Abstract
Background
Clinical isolates of herb-resistant uropathogenic E. coli were isolated. It was possible that the virulence genotypes and phylogenetic background of E. coli differed between Chinese herb-resistant E. coli and -susceptible isolates. For this purpose, the prevalence of virulence factors (VFs) and phylogenetic background, with regard to Chinese herb resistance, among E. coli strains causing acute pyelonephritis from China were investigated.
Materials and Methods
E. coli isolates from patients with acute pyelonephritis were used in this study. Standard disc diffusion methodology was used to test the susceptibility of Chinese herbal concoction against E. coli strains. Multiplex PCR amplifications employed three markers (chuA, yjaA, and TSPE4.C2) to classify E. coli isolates into one of four phylogenetic groups (group A, B1, B2, or D). The isolates were also tested for 14 virulence-associated traits (VFs) of uropathogenic E. coli.
Results
A total of 115 E. coli strains were isolated. 79 (68.7%) were susceptible and 36 (31.3%) were resistant to the herbal concoction. 20.9% of the isolates encoded three or more of VFs for which they were screened, with 13.9% in susceptible isolates and 36.1% in resistant isolates. The key VFs (fyuA and/or iutA siderophores) present in >80% of isolates. The papA and papC adhesins were detected in the majority of resistant isolates (72.2% and 63.9% respectively). 78.5% of susceptible isolates belong to phylogenetic groups A, while 83.3% of resistant isolates belong to group B2.
Conclusion
PapA and papC are significant VFs with an essential role in contributing to Chinese herb-resistance. Chinese herb-resistance is associated with a shift towards more virulent strains and B2 phylogenetic group.
Keywords: Escherichia coli, Virulence factors, Phylogenetic group, Chinese herb-resistance
Introduction
Pyelonephritis is an important contributor to the overall health burden and costs attributable to urinary tract infection (UTI). Recently, managing pyelonephritis has been increasingly complicated by the increasing prevalence of resistance to antimicrobial agents among the causative microorganisms, most notably Escherichia coli (E. coli) (Jeon et al., 2012). E. coli causes 80% of cases of acute pyelonephritis in women and 70% of cases in men (Czaja et al., 2017).
Herbal medicine has been an integral part of traditional Chinese medicine (TCM) for more than 2000 years.
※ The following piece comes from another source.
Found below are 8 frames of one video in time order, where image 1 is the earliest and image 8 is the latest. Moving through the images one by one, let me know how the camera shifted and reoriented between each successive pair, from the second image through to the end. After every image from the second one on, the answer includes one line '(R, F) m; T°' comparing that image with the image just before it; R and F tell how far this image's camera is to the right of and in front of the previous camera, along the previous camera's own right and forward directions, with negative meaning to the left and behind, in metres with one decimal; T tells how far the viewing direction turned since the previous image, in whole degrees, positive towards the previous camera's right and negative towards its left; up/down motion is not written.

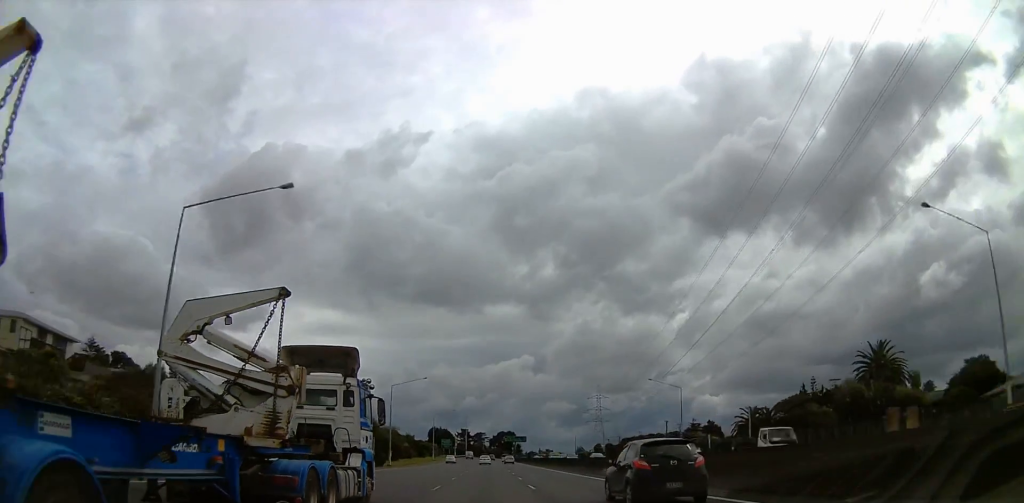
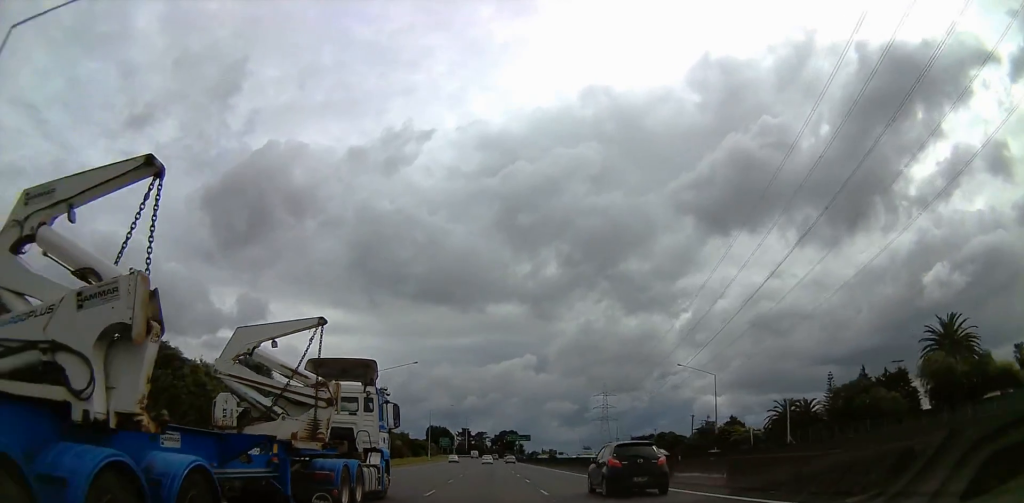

Many herbal formulations have been developed and are used in the treatment of UTIs. Herbal formulation used in this study was proved to have antimicrobial and anti-adherent effects in our previous reseach (Tong et al., 2011a; Tong et al., 2011b). But clinical isolates of uropathogenic E. coli resistant to this herbal formulation have been isolated. It is possible that the virulence genotypes and phylogenetic background of E. coli differs between Chinese herb-resistant E. coli and -susceptible isolates. For this purpose, the prevalence of virulence factors (VFs) and phylogenetic background, with regard to Chinese herb resistance, among E. coli strains causing acute pyelonephritis from China were investigated.
Materials and Methods
Clinical isolates
The study was performed at the First Affilliated Hospital to Changchun University of Chinese Medicine between 2011 and 2012. Inclusion criteria were that patients with clinical symptoms of acute pyelonephritis: bacteriuria ≥ 105/ml, fever ≥ 38.3□, costovertebral pain, and dysuria (Olesen et al., 1994). Exclusion criteria were current treatment for urolithiasis or hydronephrosis, pregnancy, hemodialysis or peritoneal dialysis, a history of kidney transplantation or known presence of polycystic kidney disease.
Only one isolate per patient was included in our sample. All urine isolates in this study were processed at the Clinical Microbiology Laboratory in Changchun University of Chinese Medicine. The strains were isolated according to standard laboratory protocols (Murray et al., 2003) and were isolated from>105 cfu. of a uropathogen per millilitre of midstream urine culture. After isolation, the bacteria were kept frozen at −70□ after the addition of 20% (v/v) glycerol and they were not subcultured more than twice before the investigation.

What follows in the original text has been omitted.